The Statistical Interpretation of quantum theory is formulated for the purpose of providing a sound interpretation
using a minimum of assumptions. Several arguments are advanced in favor of considering the quantum state description
to apply only to an ensemble of similarity prepared systems, rather than supposing, as is often done, that it exhaustively
represents an individual physical system. Most of the problems associated with the quantum theory of measurement
are artifacts of the attempt to maintain the latter interpretation. The introduction of hidden variables to determine the
outcome of individual events is fully compatible with the statistical predictions of quantum theory. However, a theorem
due to Bell seems to require that any such hidden-variable theory which reproduces all of quantum mechanics exactly
(i.e., not merely in some limiting case) must possess a rather pathological character with respect to correlated, but spacially
separated, systems.
("The Statistical Interpretation of Quantum Mechanics," Rev. Mod. Phys., Vol.42, No.4, 1970, p.358)
The "pathological character" is
nonlocality, which Einstein saw as early as 1905, and
nonseparability, which he described in his 1935
EPR paper. When
entangled systems are measured, their properties are perfectly correlated even though they show up at large spatial separations
after the measurement.
Ballentine does not seem to see that "correlated" measurements are actually made synchronously (in a
special frame) as the two-particle wave function Ψ
12 collapses for both particles when either particle is measured, or indeed when any interaction
disentangles (decoheres) the two particles. All the properties of both particles become definite on the first measurement. A second measurement, on a now-distant particle, must conserve the total spin since spin is a
constant of the motion. If spin was not conserved, it would be a much greater violation of the fundamental principles of physics than the appearance of Einstein's "spooky action at a distance."

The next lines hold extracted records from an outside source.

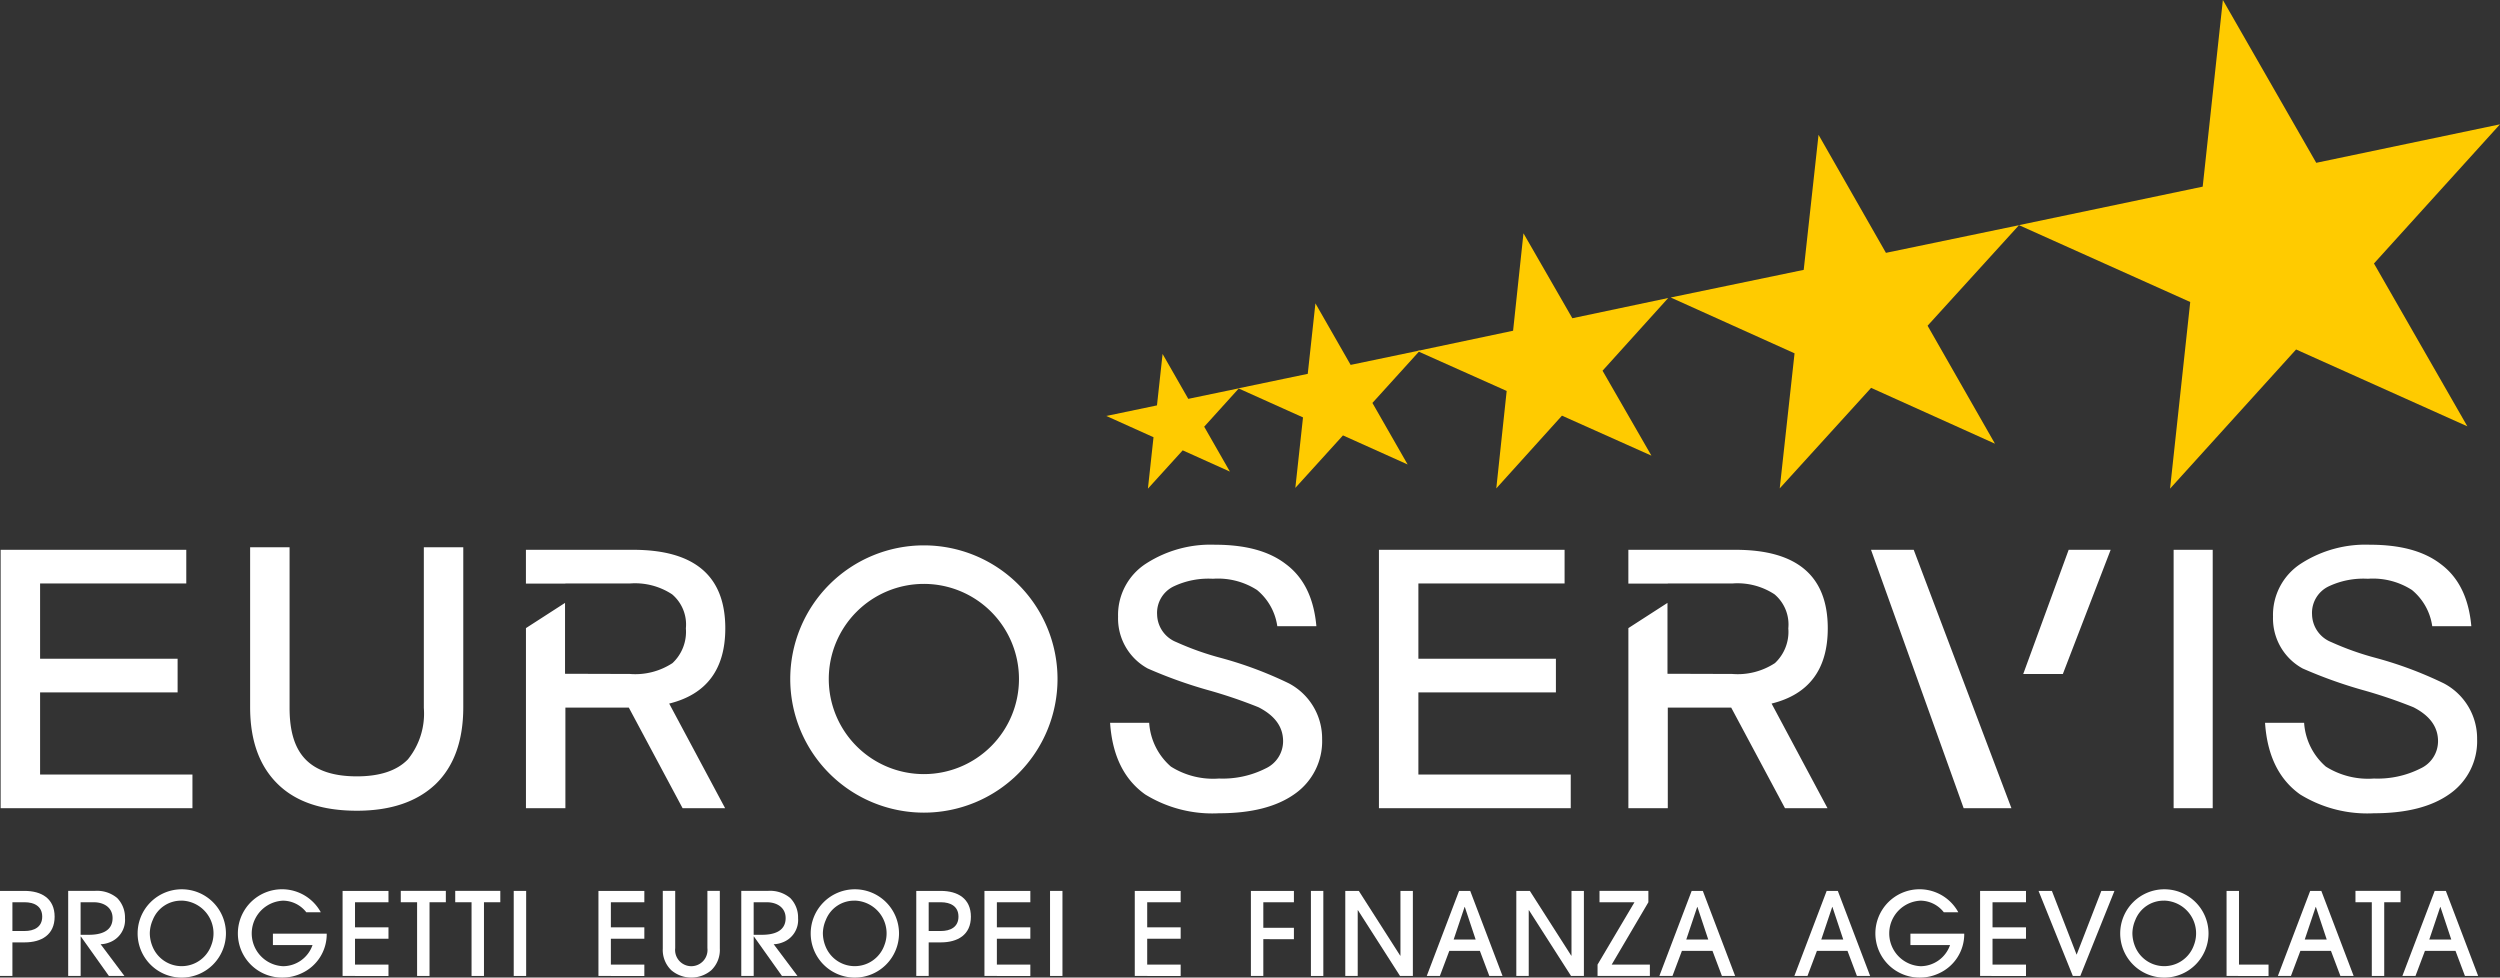 <?xml version="1.0" encoding="UTF-8"?>
<!-- Generator: Adobe Illustrator 15.1.0, SVG Export Plug-In . SVG Version: 6.00 Build 0)  -->
<svg xmlns="http://www.w3.org/2000/svg" width="258.674" height="101.148" viewBox="0 0 258.674 101.148">
  <rect x="0" y="0" width="258.674" height="101.148" fill="#333333" stroke="none"/>
  <defs>
    <style>.a{fill:#ffcb00;}.b{fill:#fff;}</style>
  </defs>
  <g transform="translate(114.472)">
    <path class="a" d="M513.567,571.338l-1.534,13.974-13.764,2.859,12.816,5.777-1.534,13.974,9.455-10.4,12.816,5.777-6.972-12.207,9.455-10.4-13.764,2.859Z" transform="translate(-439.876 -557.39)"></path>
    <path class="a" d="M482.079,610.054l-5.057-8.788,6.795-7.525-9.92,2.094-5.057-8.788-1.074,10.082-9.92,2.094,9.256,4.137-1.074,10.082,6.795-7.526Z" transform="translate(-425.679 -562.908)"></path>
    <path class="a" d="M421.986,609.843l-5.241,1.093-2.659-4.646-.58,5.322-5.241,1.094,4.883,2.2-.58,5.322,3.6-3.965,4.883,2.2-2.659-4.646Z" transform="translate(-408.266 -569.666)"></path>
    <path class="a" d="M448.12,603.085l-7.182,1.5-3.644-6.367-.794,7.293-7.182,1.5,6.691,3.009-.794,7.293,4.929-5.433,6.691,3.009-3.645-6.367Z" transform="translate(-415.66 -566.83)"></path>
    <path class="a" d="M574.909,549.84l-2.087,19.312-19.012,3.983,17.722,7.953L569.445,600.4l13.04-14.4,17.721,7.953-9.663-16.85,13.04-14.4-19.012,3.983Z" transform="translate(-459.382 -549.84)"></path>
  </g>
  <g transform="translate(0 92.011)">
    <path class="b" d="M234.374,697.246h-1.263v3.474h-1.284v-8.8h2.547c1.737,0,3.105.784,3.105,2.666S236.11,697.246,234.374,697.246Zm0-4.152h-1.263v2.975h1.263c.975,0,1.821-.4,1.821-1.487S235.349,693.093,234.374,693.093Z" transform="translate(-231.827 -691.749)"></path>
    <path class="b" d="M246.912,697.269a2.588,2.588,0,0,1-.856.167l2.463,3.283h-1.606l-2.9-4.081h-.023v4.081H242.7v-8.8h2.725a3.249,3.249,0,0,1,2.345.738,2.871,2.871,0,0,1,.808,2.082A2.471,2.471,0,0,1,246.912,697.269Zm-1.57-4.176h-1.357v3.367h.88c1.142,0,2.428-.321,2.428-1.726C247.293,693.616,246.364,693.093,245.342,693.093Z" transform="translate(-235.645 -691.749)"></path>
    <path class="b" d="M258.319,700.8a4.569,4.569,0,1,1,4.582-4.545A4.58,4.58,0,0,1,258.319,700.8Zm0-7.961a3.138,3.138,0,0,0-2.986,1.987,3.545,3.545,0,0,0-.31,1.4,3.7,3.7,0,0,0,.31,1.427,3.253,3.253,0,0,0,6.056-.214,3.388,3.388,0,0,0-3.071-4.605Z" transform="translate(-239.523 -691.659)"></path>
    <path class="b" d="M276.392,700.368a4.634,4.634,0,0,1-1.917.429,4.569,4.569,0,1,1,3.939-6.758h-1.5a3.089,3.089,0,0,0-2.4-1.2,3.394,3.394,0,0,0,.012,6.782,3.248,3.248,0,0,0,3.034-2.188h-4.1v-1.179h5.568A4.448,4.448,0,0,1,276.392,700.368Z" transform="translate(-245.222 -691.659)"></path>
    <path class="b" d="M286.463,700.72v-8.8h4.749v1.178h-3.463v2.593h3.463v1.179h-3.463v2.677h3.463v1.177Z" transform="translate(-251.016 -691.749)"></path>
    <path class="b" d="M298.718,693.093v7.626h-1.286v-7.626h-1.689v-1.178h4.663v1.178Z" transform="translate(-254.275 -691.749)"></path>
    <path class="b" d="M307.4,693.093v7.626h-1.285v-7.626h-1.689v-1.178h4.664v1.178Z" transform="translate(-257.324 -691.749)"></path>
    <path class="b" d="M313.756,700.72v-8.8h1.286v8.8Z" transform="translate(-260.601 -691.749)"></path>
    <path class="b" d="M327.268,700.72v-8.8h4.749v1.178h-3.463v2.593h3.463v1.179h-3.463v2.677h3.463v1.177Z" transform="translate(-265.347 -691.749)"></path>
    <path class="b" d="M342.538,700.137a3.2,3.2,0,0,1-4.117,0,2.909,2.909,0,0,1-.893-2.26v-5.962h1.285v5.926a1.677,1.677,0,1,0,3.332,0v-5.926h1.285v5.962A2.909,2.909,0,0,1,342.538,700.137Z" transform="translate(-268.95 -691.749)"></path>
    <path class="b" d="M354.254,697.269a2.589,2.589,0,0,1-.858.167l2.463,3.283h-1.605l-2.9-4.081h-.025v4.081h-1.285v-8.8h2.725a3.249,3.249,0,0,1,2.344.738,2.87,2.87,0,0,1,.809,2.082A2.472,2.472,0,0,1,354.254,697.269Zm-1.571-4.176h-1.357v3.367h.881c1.143,0,2.427-.321,2.427-1.726C354.634,693.616,353.706,693.093,352.682,693.093Z" transform="translate(-273.345 -691.749)"></path>
    <path class="b" d="M365.661,700.8a4.569,4.569,0,1,1,4.582-4.545A4.58,4.58,0,0,1,365.661,700.8Zm0-7.961a3.138,3.138,0,0,0-2.986,1.987,3.545,3.545,0,0,0-.31,1.4,3.7,3.7,0,0,0,.31,1.427,3.253,3.253,0,0,0,6.056-.214,3.388,3.388,0,0,0-3.071-4.605Z" transform="translate(-277.222 -691.659)"></path>
    <path class="b" d="M380.5,697.246h-1.261v3.474h-1.285v-8.8H380.5c1.737,0,3.106.784,3.106,2.666S382.236,697.246,380.5,697.246Zm0-4.152h-1.261v2.975H380.5c.976,0,1.82-.4,1.82-1.487S381.475,693.093,380.5,693.093Z" transform="translate(-283.148 -691.749)"></path>
    <path class="b" d="M388.826,700.72v-8.8h4.749v1.178h-3.463v2.593h3.463v1.179h-3.463v2.677h3.463v1.177Z" transform="translate(-286.966 -691.749)"></path>
    <path class="b" d="M399.287,700.72v-8.8h1.285v8.8Z" transform="translate(-290.64 -691.749)"></path>
    <path class="b" d="M412.8,700.72v-8.8h4.749v1.178h-3.463v2.593h3.463v1.179h-3.463v2.677h3.463v1.177Z" transform="translate(-295.386 -691.749)"></path>
    <path class="b" d="M432.606,696.912v3.808h-1.285v-8.8h4.451v1.178h-3.166v2.641h3.166v1.178Z" transform="translate(-301.891 -691.749)"></path>
    <path class="b" d="M440.893,700.72v-8.8h1.284v8.8Z" transform="translate(-305.253 -691.749)"></path>
    <path class="b" d="M452.038,700.72l-4.355-6.806h-.023v6.806h-1.286v-8.8h1.4l4.283,6.7h.025v-6.7h1.285v8.8Z" transform="translate(-307.178 -691.749)"></path>
    <path class="b" d="M465.841,700.72l-.976-2.594H461.7l-.976,2.594h-1.357l3.344-8.8h1.154l3.344,8.8Zm-2.535-7.139h-.023l-1.13,3.367h2.273Z" transform="translate(-311.742 -691.749)"></path>
    <path class="b" d="M479.311,700.72l-4.355-6.806h-.023v6.806h-1.285v-8.8h1.4l4.284,6.7h.025v-6.7h1.284v8.8Z" transform="translate(-316.756 -691.749)"></path>
    <path class="b" d="M486.605,700.72v-1.177l3.82-6.449h-3.617v-1.178h5.056v1.178l-3.795,6.449h3.95v1.177Z" transform="translate(-321.307 -691.749)"></path>
    <path class="b" d="M502.935,700.72l-.975-2.594h-3.165l-.976,2.594h-1.357l3.343-8.8h1.154l3.344,8.8Zm-2.534-7.139h-.023l-1.13,3.367h2.272Z" transform="translate(-324.769 -691.749)"></path>
    <path class="b" d="M524.466,700.72l-.975-2.594h-3.165l-.976,2.594h-1.357l3.343-8.8h1.154l3.344,8.8Zm-2.534-7.139h-.023l-1.13,3.367h2.272Z" transform="translate(-332.331 -691.749)"></path>
    <path class="b" d="M537.542,700.368a4.623,4.623,0,0,1-1.916.429,4.569,4.569,0,1,1,3.938-6.758h-1.5a3.089,3.089,0,0,0-2.4-1.2,3.394,3.394,0,0,0,.012,6.782,3.247,3.247,0,0,0,3.034-2.188h-4.1v-1.179h5.569A4.452,4.452,0,0,1,537.542,700.368Z" transform="translate(-336.94 -691.659)"></path>
    <path class="b" d="M547.613,700.72v-8.8h4.749v1.178H548.9v2.593h3.463v1.179H548.9v2.677h3.463v1.177Z" transform="translate(-342.734 -691.749)"></path>
    <path class="b" d="M561.256,700.72h-.773l-3.547-8.8h1.381l2.559,6.6,2.557-6.6h1.357Z" transform="translate(-346.008 -691.749)"></path>
    <path class="b" d="M574.5,700.8a4.569,4.569,0,1,1,4.581-4.545A4.581,4.581,0,0,1,574.5,700.8Zm0-7.961a3.141,3.141,0,0,0-2.987,1.987,3.565,3.565,0,0,0-.309,1.4,3.724,3.724,0,0,0,.309,1.427,3.253,3.253,0,0,0,6.056-.214,3.388,3.388,0,0,0-3.069-4.605Z" transform="translate(-350.566 -691.659)"></path>
    <path class="b" d="M586.92,700.72v-8.8h1.286v7.627h3.058v1.177Z" transform="translate(-356.539 -691.749)"></path>
    <path class="b" d="M601.57,700.72l-.976-2.594h-3.165l-.976,2.594H595.1l3.343-8.8h1.154l3.344,8.8Zm-2.534-7.139h-.023l-1.131,3.367h2.273Z" transform="translate(-359.41 -691.749)"></path>
    <path class="b" d="M610.452,693.093v7.626h-1.285v-7.626h-1.69v-1.178h4.665v1.178Z" transform="translate(-363.758 -691.749)"></path>
    <path class="b" d="M621.433,700.72l-.976-2.594h-3.165l-.976,2.594h-1.357l3.344-8.8h1.154l3.344,8.8Zm-2.535-7.139h-.023l-1.13,3.367h2.272Z" transform="translate(-366.386 -691.749)"></path>
  </g>
  <g transform="translate(0.066 56.364)">
    <path class="b" d="M371.683,636.815a13.827,13.827,0,1,0,13.827,13.827A13.827,13.827,0,0,0,371.683,636.815Zm0,23.667a9.84,9.84,0,1,1,9.839-9.84A9.839,9.839,0,0,1,371.683,660.482Z" transform="translate(-276.155 -636.75)"></path>
    <path class="b" d="M251.138,637.523v3.483H236.011v7.788H250.24v3.483H236.011v8.5h15.764v3.483H231.929V637.523Z" transform="translate(-231.929 -636.999)"></path>
    <path class="b" d="M470.949,637.523v3.483H455.822v7.788h14.229v3.483H455.822v8.5h15.764v3.483H451.74V637.523Z" transform="translate(-309.128 -636.999)"></path>
    <path class="b" d="M582.522,637.523v26.736h-4.044V637.523Z" transform="translate(-353.64 -636.999)"></path>
    <path class="b" d="M427.028,638.7c1.872,1.385,2.92,3.519,3.182,6.44h-4.044a5.926,5.926,0,0,0-2.1-3.744,7.479,7.479,0,0,0-4.568-1.161,8.4,8.4,0,0,0-4.044.786,3.035,3.035,0,0,0-1.723,2.92,3.143,3.143,0,0,0,1.985,2.846,29.64,29.64,0,0,0,4.643,1.647,39.983,39.983,0,0,1,7,2.621,6.442,6.442,0,0,1,3.445,5.766A6.645,6.645,0,0,1,428,662.477q-2.809,2.022-7.863,2.022a13.234,13.234,0,0,1-7.639-1.947c-2.209-1.572-3.407-4.044-3.632-7.414h4.044a6.564,6.564,0,0,0,2.247,4.531,8.192,8.192,0,0,0,4.98,1.236,9.83,9.83,0,0,0,4.83-1.048,3.106,3.106,0,0,0,1.8-2.808c0-1.5-.861-2.659-2.546-3.52a50.079,50.079,0,0,0-5.318-1.8,47.649,47.649,0,0,1-6.141-2.209,5.894,5.894,0,0,1-3.07-5.354,6.325,6.325,0,0,1,2.958-5.542,12.311,12.311,0,0,1,7.077-1.91C422.834,636.715,425.268,637.352,427.028,638.7Z" transform="translate(-294.071 -636.715)"></path>
    <path class="b" d="M611.218,638.7c1.872,1.385,2.92,3.519,3.183,6.44h-4.045a5.926,5.926,0,0,0-2.1-3.744,7.479,7.479,0,0,0-4.568-1.161,8.4,8.4,0,0,0-4.044.786,3.034,3.034,0,0,0-1.723,2.92,3.143,3.143,0,0,0,1.985,2.846,29.639,29.639,0,0,0,4.643,1.647,39.977,39.977,0,0,1,7,2.621A6.441,6.441,0,0,1,615,656.823a6.645,6.645,0,0,1-2.809,5.654q-2.808,2.022-7.863,2.022a13.236,13.236,0,0,1-7.639-1.947c-2.209-1.572-3.407-4.044-3.632-7.414H597.1a6.565,6.565,0,0,0,2.247,4.531,8.192,8.192,0,0,0,4.98,1.236,9.829,9.829,0,0,0,4.83-1.048,3.106,3.106,0,0,0,1.8-2.808c0-1.5-.862-2.659-2.547-3.52a50.034,50.034,0,0,0-5.317-1.8,47.674,47.674,0,0,1-6.141-2.209,5.894,5.894,0,0,1-3.07-5.354,6.326,6.326,0,0,1,2.958-5.542,12.311,12.311,0,0,1,7.077-1.91C607.024,636.715,609.458,637.352,611.218,638.7Z" transform="translate(-358.76 -636.715)"></path>
    <path class="b" d="M275.8,637.119v16.626c0,2.4.524,4.156,1.647,5.317s2.884,1.76,5.318,1.76c2.4,0,4.156-.6,5.28-1.76a7.531,7.531,0,0,0,1.647-5.317V637.119h4.081V653.67c0,3.482-.973,6.141-2.883,7.976-1.909,1.8-4.606,2.733-8.125,2.733-3.557,0-6.253-.9-8.125-2.7-1.947-1.872-2.921-4.531-2.921-8.013V637.119Z" transform="translate(-245.904 -636.857)"></path>
    <g transform="translate(193.527 0.524)">
      <path class="b" d="M530.217,637.523l9.586,26.736h4.943l-10.11-26.736Z" transform="translate(-530.217 -637.523)"></path>
      <path class="b" d="M559.192,637.526l-4.7,12.846h4.1l4.946-12.846Z" transform="translate(-538.742 -637.524)"></path>
    </g>
    <path class="b" d="M336.329,645.648c0-5.429-3.182-8.125-9.548-8.125H315.7v3.5h4.081v-.015h6.666a6.976,6.976,0,0,1,4.381,1.124,4.087,4.087,0,0,1,1.422,3.519,4.437,4.437,0,0,1-1.385,3.595,7.028,7.028,0,0,1-4.418,1.123l-6.7-.02v-7.334l-4.044,2.609v18.637h4.081v-10.41h6.563l5.565,10.41h4.4l-5.789-10.828C334.378,652.482,336.329,649.893,336.329,645.648Z" transform="translate(-261.349 -636.999)"></path>
    <path class="b" d="M512.152,645.648c0-5.429-3.183-8.125-9.548-8.125H491.52v3.5H495.6v-.015h6.666a6.974,6.974,0,0,1,4.381,1.124,4.085,4.085,0,0,1,1.423,3.519,4.437,4.437,0,0,1-1.385,3.595,7.027,7.027,0,0,1-4.418,1.123l-6.7-.02v-7.334l-4.045,2.609v18.637H495.6v-10.41h6.562l5.565,10.41h4.4l-5.788-10.828C510.2,652.482,512.152,649.893,512.152,645.648Z" transform="translate(-323.1 -636.999)"></path>
  </g>
</svg>

Ballentine is convinced that Einstein understood quantum mechanics as well or better than most of his colleagues, a point also made by
Arthur Fine a few years later.
A serious reading of Einstein’s Reply [to Critics, in Schilpp volume] should clear up
any misconceptions to the effect that he rejected
quantum theory or misunderstood its foundations. In
fact, he understood the essentially statistical nature of
quantum theory as well as any of his contemporaries,
and better than many. His only objection was against
the assumption that a wave function or state vector
could exhaustively describe an individual system, which
we have seen to be an unwarranted and troublesome
assumption. This fact, and the fact that Einstein
advocated a fully viable interpretation of quantum
theory (essentially the Statistical Interpretation of this
paper although he expressed himself more briefly), do
not seem to have been appreciated by his critics.
( ibid., p.379)
Ballentine also questions the common interpretation of
Werner Heisenberg's uncertainty principle as resulting from a "disturbance" made by the measuring apparatus.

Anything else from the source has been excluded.